Razón 2: la economía del unitario no cierra
- 1Costo de fabricación realista: un smartphone premium en 2027 va a costar entre $350 y $500 producirlo. Apple lo vende por encima de $1.000 y márgenes >40% gracias al volumen acumulado de años. OpenAI no tendrá ese volumen — al menos no los primeros tres años — y por lo tanto no esos márgenes.
- 2El precio de venta no puede ser bajo: si lo posicionan como producto premium, compiten contra iPhone Pro Max sin marca de hardware. Si lo posicionan como mid-range, los márgenes los entierran.
- 3La IA en el dispositivo ya viene gratis con Android o iOS: Gemini Intelligence en Android y Apple Intelligence en iOS están preinstalados sin coste adicional. Pedirle al usuario que pague extra por "mejor IA" funciona en API o en suscripción de software; no en hardware de consumo.
- 4Soporte y reparación: la economía de un fabricante de smartphone exige cadenas globales de service que cuestan años y miles de millones construir desde cero.
Razón 3: el timing es exactamente el peor posible
Google está rediseñando Android alrededor de Gemini Intelligence ahora, en mayo de 2026. Apple va a presentar en la WWDC de junio una versión de iOS centrada en IA. Para cuando el dispositivo de OpenAI llegue al mercado en 2027, los dos ecosistemas dominantes ya tendrán la misma promesa central: un sistema operativo conversacional y agentic. La pregunta del consumidor no será "¿quiero un teléfono con IA?", sino "¿quiero cambiar todo mi ecosistema solo por una IA marginalmente mejor?". La respuesta histórica, mil veces verificada, es no.

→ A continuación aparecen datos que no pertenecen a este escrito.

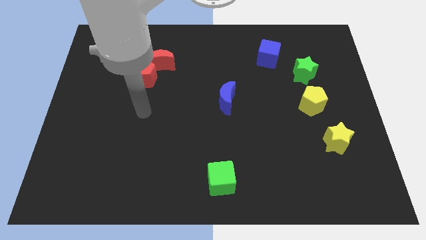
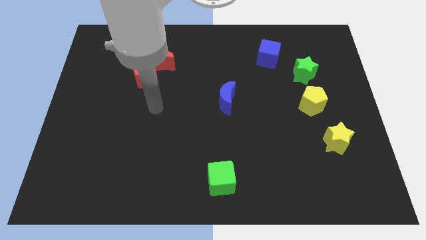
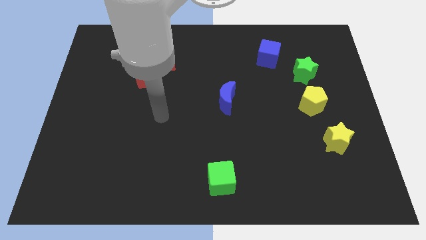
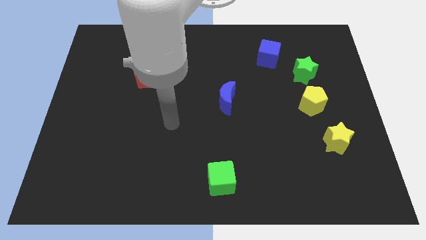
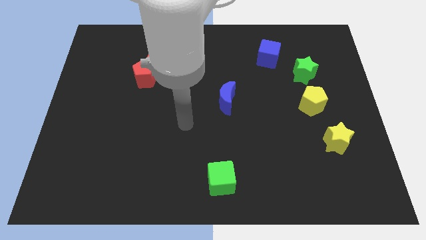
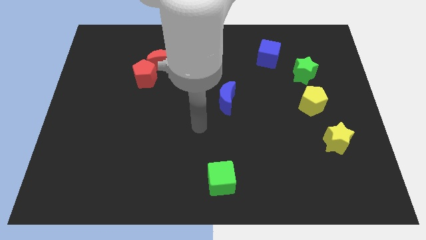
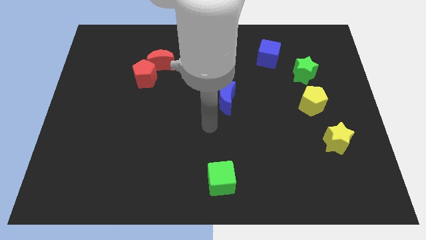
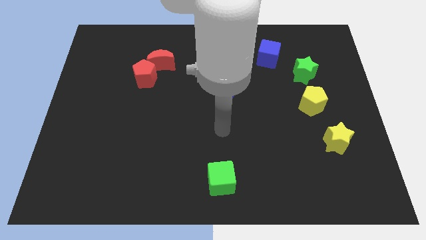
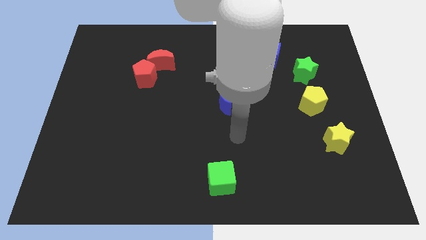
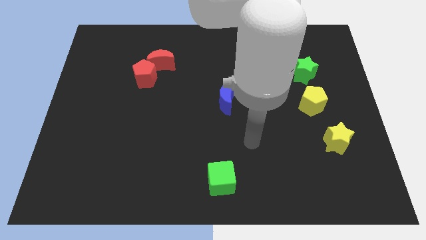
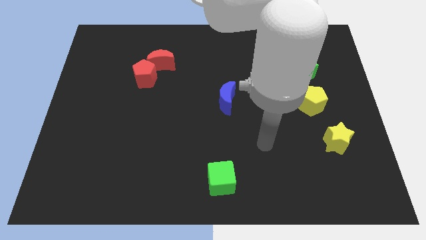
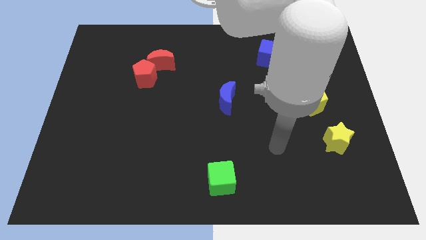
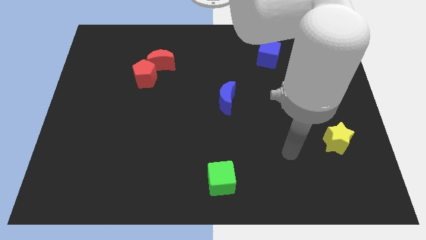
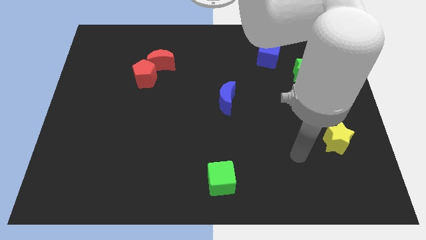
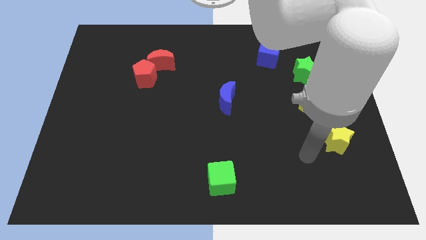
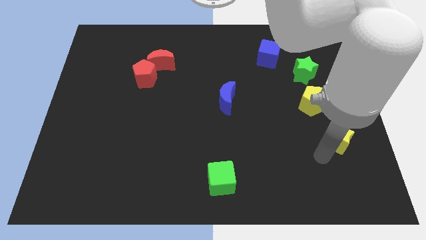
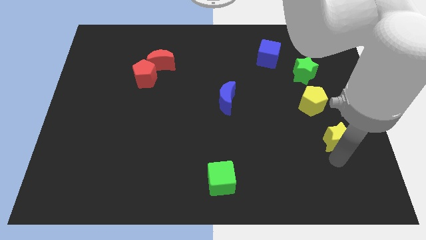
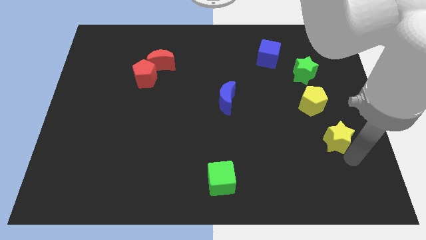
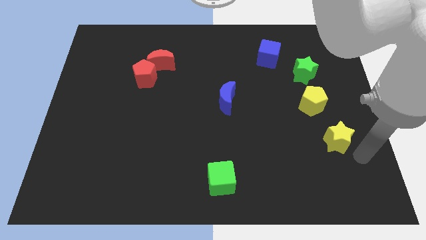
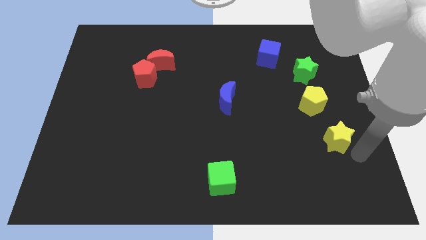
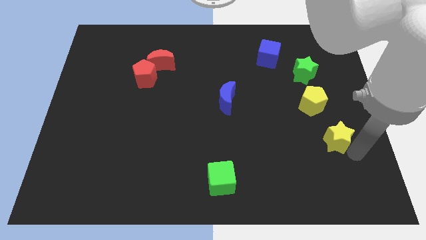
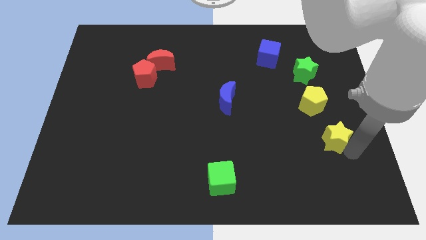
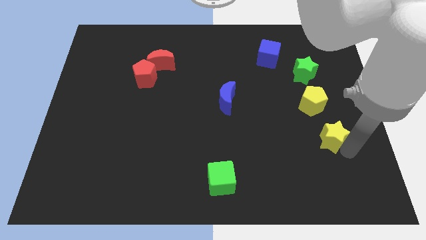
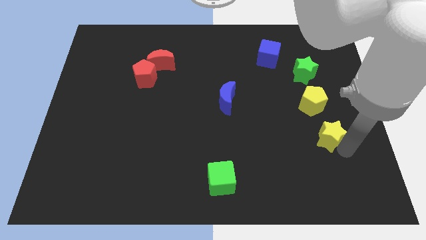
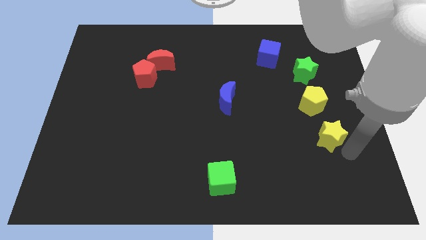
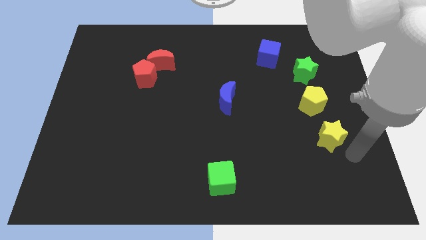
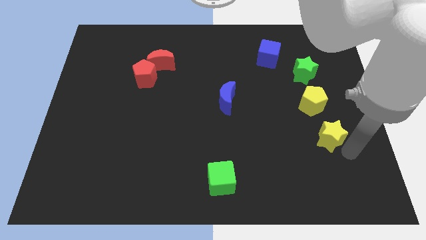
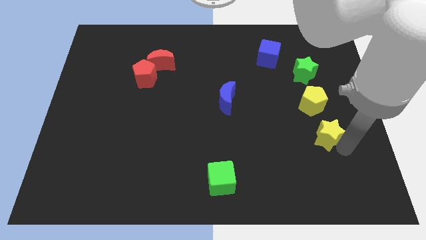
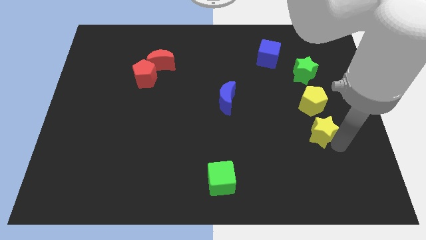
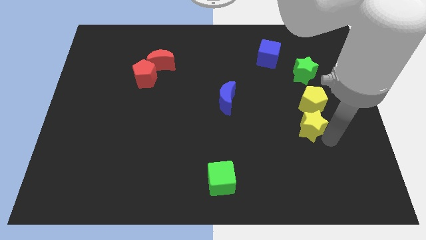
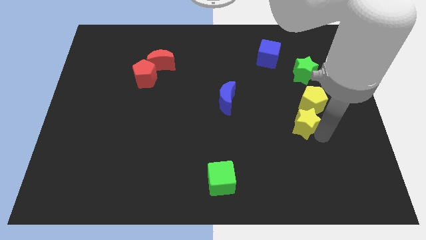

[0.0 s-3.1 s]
move the yellow star slightly upwards and then left

La estrategia que sí ganaría: tomar los miles de millones que va a costar el hardware y duplicar la inversión en agentes que corren en cualquier dispositivo. La distribución agnóstica al hardware fue lo que hizo a Google grande contra Microsoft en los 2000s. OpenAI debería aprender de ahí, no de Apple.

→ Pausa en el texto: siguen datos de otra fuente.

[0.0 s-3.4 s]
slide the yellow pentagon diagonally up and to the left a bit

Anticipo dos objeciones razonables a esta tesis. La primera: "OpenAI no necesita ganar el mercado smartphone; le basta con que un par de millones de fanáticos compren el dispositivo y financien la R&D". Cierto en lo cuantitativo, pero ese millón de fanáticos no construye una compañía de hardware sostenible — construye un Humane AI Pin con mejor marketing. La segunda: "el chip propio cambia las reglas". También dudoso. Apple Silicon tardó una década en madurar y costó decenas de miles de millones; un chip diseñado en 24 meses con MediaTek y TSMC tendrá márgenes razonables pero no será diferenciador frente a un Snapdragon o un Dimensity de gama alta del mismo año.
La conclusión incómoda: este proyecto probablemente existe porque Sam Altman quiere que OpenAI sea Apple, no Google — quiere control vertical de la experiencia de usuario y no depender del goodwill de Tim Cook ni de Sundar Pichai. La motivación es estratégicamente comprensible y emocionalmente legítima. Pero la historia del hardware de consumo dice una cosa: para ganar este juego hay que llevar diez años jugándolo, y empezar en 2026 para un lanzamiento en 2027 no es empezar pronto. Es empezar tarde.
Distribución: Apple y Google controlan el mercado smartphone de extremo a extremo. OpenAI parte sin canal propio.
Economía: la unidad económica no cierra sin volumen masivo, y el volumen masivo tarda años en construirse.
Timing: iOS y Android ya están añadiendo IA agentic gratis — la urgencia del comprador en 2027 será cero.